Records Block Start

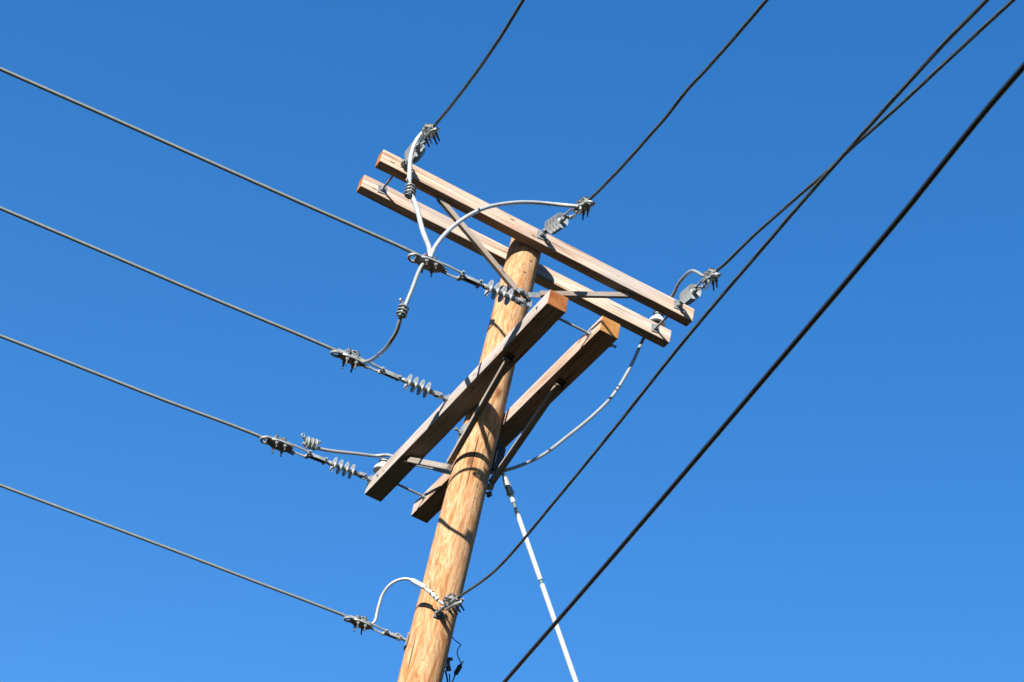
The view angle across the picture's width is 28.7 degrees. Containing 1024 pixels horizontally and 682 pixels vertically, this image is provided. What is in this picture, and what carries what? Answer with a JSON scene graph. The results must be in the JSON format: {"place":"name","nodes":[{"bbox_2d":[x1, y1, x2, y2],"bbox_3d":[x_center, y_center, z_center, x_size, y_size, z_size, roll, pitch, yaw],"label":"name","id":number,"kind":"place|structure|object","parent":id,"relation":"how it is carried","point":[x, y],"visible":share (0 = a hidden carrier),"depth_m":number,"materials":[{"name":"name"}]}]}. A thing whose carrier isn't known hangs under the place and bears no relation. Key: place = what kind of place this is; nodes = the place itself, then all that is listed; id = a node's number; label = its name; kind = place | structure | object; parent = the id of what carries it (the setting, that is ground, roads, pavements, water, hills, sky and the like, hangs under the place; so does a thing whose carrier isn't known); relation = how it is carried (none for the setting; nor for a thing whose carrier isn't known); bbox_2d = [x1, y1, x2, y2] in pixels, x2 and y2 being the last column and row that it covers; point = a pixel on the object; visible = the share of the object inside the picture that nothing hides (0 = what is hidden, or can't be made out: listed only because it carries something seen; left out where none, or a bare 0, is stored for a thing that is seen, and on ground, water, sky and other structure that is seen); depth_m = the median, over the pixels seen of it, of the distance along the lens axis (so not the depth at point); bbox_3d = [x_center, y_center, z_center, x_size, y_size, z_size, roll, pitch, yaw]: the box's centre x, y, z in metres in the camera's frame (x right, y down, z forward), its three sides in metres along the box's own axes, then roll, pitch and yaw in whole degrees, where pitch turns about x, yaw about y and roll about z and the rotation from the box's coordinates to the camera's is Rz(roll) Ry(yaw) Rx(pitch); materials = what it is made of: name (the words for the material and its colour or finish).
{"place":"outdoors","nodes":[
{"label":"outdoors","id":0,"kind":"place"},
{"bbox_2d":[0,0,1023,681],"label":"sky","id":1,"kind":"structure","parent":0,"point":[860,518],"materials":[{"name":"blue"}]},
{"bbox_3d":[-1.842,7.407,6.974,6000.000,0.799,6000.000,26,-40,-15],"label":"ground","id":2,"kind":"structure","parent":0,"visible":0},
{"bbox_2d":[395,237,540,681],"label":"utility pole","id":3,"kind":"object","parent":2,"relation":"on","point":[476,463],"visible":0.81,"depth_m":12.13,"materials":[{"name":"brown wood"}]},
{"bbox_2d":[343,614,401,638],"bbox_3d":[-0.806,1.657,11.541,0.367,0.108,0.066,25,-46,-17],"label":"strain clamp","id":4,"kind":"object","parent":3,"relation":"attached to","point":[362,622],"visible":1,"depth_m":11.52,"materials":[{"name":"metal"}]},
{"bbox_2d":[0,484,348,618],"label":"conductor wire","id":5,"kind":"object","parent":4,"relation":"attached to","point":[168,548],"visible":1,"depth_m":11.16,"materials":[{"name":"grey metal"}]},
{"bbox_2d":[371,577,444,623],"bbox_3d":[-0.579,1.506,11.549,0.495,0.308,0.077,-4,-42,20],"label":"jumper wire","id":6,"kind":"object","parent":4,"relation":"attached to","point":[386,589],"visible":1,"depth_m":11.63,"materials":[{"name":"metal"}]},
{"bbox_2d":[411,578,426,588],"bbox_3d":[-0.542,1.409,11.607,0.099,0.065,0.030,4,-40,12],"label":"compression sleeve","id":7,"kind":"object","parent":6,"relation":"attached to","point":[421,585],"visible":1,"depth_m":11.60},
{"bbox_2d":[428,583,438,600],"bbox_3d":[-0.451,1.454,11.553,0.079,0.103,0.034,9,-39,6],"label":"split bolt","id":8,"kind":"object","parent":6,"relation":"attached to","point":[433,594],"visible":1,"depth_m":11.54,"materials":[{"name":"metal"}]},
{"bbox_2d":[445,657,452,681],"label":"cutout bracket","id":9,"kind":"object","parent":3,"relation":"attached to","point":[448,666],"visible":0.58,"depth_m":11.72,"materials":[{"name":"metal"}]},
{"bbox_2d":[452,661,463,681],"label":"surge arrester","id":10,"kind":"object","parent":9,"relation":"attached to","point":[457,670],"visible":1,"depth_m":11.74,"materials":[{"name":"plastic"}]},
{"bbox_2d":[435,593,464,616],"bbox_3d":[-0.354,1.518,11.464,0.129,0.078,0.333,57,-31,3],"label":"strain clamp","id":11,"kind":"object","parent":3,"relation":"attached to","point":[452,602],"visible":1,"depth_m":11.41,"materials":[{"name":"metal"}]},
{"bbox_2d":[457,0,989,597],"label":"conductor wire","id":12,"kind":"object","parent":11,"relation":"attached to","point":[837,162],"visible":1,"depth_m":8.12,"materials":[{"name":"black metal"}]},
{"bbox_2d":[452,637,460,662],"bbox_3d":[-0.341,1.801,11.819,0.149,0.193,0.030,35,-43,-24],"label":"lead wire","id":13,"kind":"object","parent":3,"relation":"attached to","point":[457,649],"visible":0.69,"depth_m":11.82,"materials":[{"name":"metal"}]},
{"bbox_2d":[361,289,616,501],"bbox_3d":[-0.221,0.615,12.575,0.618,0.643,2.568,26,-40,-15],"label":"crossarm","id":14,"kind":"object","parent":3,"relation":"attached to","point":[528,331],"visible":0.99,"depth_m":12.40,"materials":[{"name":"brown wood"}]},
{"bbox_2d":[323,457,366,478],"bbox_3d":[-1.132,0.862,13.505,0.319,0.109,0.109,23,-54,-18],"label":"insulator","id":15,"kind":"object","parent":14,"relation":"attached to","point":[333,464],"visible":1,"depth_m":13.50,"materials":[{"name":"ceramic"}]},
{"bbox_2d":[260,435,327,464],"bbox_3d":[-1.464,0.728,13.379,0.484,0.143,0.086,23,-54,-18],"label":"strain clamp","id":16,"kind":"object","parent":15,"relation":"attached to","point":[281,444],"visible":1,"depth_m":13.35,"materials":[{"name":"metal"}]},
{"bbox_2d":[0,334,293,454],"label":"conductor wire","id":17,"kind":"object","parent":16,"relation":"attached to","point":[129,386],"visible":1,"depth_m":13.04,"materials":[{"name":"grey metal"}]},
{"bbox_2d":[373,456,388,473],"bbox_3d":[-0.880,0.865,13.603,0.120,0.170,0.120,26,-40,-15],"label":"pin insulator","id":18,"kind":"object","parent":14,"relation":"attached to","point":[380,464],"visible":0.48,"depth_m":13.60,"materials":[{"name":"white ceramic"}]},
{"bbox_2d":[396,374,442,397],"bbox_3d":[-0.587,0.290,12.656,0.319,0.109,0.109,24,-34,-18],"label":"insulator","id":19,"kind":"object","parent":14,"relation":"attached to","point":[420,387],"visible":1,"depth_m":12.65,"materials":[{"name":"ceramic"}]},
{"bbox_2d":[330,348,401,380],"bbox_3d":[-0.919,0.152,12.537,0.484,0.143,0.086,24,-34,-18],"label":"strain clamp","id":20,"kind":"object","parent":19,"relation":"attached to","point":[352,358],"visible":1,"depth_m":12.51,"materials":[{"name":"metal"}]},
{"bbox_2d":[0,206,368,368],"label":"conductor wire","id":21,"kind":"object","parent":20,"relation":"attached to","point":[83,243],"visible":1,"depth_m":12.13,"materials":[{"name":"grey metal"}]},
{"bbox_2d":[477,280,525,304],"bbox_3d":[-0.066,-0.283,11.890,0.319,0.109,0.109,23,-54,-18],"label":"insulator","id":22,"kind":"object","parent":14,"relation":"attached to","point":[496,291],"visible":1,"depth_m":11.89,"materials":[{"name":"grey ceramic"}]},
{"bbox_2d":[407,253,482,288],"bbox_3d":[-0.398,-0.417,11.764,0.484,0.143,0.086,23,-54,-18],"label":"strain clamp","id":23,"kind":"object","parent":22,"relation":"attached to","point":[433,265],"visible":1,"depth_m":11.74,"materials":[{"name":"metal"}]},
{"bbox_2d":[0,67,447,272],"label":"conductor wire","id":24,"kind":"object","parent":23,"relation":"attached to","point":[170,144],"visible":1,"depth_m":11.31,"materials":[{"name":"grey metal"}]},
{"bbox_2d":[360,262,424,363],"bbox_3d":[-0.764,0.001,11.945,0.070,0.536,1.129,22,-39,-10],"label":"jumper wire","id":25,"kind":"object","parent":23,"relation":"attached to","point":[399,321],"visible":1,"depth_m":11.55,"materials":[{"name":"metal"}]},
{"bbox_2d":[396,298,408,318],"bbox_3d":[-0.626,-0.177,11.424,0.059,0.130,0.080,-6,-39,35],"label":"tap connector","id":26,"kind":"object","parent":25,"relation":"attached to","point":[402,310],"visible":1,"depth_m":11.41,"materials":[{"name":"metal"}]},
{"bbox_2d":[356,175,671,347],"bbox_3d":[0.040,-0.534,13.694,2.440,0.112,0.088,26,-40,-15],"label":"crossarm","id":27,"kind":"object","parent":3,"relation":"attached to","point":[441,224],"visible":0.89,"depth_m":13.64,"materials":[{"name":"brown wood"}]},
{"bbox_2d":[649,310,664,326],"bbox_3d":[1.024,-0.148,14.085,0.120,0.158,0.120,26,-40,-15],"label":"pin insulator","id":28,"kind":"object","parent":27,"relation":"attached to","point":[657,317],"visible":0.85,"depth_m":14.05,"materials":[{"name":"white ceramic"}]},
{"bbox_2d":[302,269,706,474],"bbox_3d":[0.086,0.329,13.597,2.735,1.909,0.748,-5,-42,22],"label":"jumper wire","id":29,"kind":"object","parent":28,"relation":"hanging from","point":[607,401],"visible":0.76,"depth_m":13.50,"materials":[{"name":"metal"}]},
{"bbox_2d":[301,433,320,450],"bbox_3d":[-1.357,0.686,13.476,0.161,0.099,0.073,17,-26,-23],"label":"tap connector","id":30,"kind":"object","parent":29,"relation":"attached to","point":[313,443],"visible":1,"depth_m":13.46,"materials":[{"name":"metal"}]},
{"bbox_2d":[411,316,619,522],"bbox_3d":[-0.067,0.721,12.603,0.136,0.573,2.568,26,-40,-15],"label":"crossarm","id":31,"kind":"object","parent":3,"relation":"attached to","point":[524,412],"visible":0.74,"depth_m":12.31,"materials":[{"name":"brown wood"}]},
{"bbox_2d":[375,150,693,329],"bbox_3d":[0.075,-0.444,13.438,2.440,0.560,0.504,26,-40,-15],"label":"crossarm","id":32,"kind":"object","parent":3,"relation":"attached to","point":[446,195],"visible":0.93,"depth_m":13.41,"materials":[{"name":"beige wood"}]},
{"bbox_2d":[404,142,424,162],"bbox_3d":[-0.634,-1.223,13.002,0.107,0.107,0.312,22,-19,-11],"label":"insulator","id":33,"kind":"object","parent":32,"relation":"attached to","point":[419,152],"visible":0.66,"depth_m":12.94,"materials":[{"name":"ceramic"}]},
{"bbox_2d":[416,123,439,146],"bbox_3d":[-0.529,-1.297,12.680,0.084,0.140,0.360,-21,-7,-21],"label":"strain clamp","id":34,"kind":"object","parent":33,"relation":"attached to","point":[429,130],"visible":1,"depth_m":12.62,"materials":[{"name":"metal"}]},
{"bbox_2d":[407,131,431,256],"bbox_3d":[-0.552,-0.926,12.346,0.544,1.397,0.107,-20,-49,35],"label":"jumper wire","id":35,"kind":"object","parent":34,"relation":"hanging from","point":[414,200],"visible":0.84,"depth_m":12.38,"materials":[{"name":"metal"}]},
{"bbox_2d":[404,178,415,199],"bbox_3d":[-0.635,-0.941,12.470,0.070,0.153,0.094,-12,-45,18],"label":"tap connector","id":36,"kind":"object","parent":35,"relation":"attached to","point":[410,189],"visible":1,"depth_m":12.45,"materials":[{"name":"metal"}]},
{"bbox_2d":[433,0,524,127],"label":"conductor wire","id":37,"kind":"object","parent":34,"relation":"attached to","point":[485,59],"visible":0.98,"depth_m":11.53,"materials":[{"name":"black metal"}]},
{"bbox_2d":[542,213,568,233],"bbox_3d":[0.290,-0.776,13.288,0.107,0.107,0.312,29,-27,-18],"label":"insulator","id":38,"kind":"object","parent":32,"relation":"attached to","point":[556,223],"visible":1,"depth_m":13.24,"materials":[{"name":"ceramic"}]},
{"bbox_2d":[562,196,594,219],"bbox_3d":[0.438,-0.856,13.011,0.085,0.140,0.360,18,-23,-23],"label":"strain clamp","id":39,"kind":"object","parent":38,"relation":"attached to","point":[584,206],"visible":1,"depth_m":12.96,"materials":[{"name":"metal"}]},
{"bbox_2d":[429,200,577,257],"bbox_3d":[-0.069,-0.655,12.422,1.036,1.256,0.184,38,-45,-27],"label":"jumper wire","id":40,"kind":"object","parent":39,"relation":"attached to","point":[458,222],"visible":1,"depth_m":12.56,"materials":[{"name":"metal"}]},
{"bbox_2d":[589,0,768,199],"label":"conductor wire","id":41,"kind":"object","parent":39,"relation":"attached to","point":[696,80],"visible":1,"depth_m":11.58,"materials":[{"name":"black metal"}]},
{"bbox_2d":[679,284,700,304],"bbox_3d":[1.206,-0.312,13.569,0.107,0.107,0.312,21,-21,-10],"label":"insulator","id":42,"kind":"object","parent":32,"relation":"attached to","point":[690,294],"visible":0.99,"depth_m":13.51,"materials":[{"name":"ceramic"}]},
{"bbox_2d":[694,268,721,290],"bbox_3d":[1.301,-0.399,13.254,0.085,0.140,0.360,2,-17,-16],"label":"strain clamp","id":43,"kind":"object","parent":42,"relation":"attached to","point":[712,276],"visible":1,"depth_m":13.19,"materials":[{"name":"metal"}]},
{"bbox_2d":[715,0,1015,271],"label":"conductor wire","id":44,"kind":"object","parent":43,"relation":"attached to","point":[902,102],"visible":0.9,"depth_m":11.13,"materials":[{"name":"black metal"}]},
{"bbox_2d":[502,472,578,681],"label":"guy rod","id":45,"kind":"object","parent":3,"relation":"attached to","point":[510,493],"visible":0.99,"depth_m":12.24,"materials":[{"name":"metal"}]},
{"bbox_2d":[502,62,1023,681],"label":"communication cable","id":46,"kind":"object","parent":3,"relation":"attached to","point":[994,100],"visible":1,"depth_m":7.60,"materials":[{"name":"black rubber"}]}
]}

Records Block End
Records Block Start

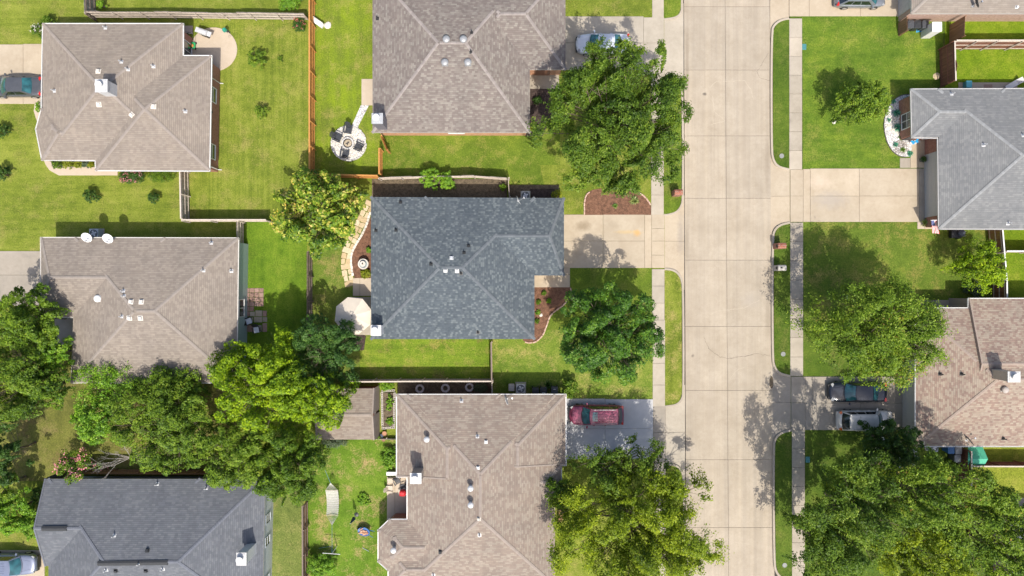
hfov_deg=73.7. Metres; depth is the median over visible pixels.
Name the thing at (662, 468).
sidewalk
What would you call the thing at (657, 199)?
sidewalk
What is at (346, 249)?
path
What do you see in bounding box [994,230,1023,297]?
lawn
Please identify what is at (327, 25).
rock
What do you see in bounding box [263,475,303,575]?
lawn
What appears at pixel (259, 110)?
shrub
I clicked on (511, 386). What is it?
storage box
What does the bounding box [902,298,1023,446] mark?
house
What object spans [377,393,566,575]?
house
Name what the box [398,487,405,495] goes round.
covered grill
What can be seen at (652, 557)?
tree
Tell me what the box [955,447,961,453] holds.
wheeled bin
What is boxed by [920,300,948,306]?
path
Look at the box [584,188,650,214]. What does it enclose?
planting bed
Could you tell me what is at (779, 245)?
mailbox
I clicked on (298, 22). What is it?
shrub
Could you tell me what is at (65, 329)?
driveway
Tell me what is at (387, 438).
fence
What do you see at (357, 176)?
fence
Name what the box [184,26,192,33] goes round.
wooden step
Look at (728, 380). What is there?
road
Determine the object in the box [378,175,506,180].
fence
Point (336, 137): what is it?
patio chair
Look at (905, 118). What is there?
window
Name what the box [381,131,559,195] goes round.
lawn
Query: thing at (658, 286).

Records Block End

## [Exercise objective]
Look above for the line with "Point (336, 137): what is it?" and the line with "Query: thing at (658, 286).", and reproduce exactly those two lines plus every line between, nothing more.

## [Finished task]
Point (336, 137): what is it?
patio chair
Look at (905, 118). What is there?
window
Name what the box [381,131,559,195] goes round.
lawn
Query: thing at (658, 286).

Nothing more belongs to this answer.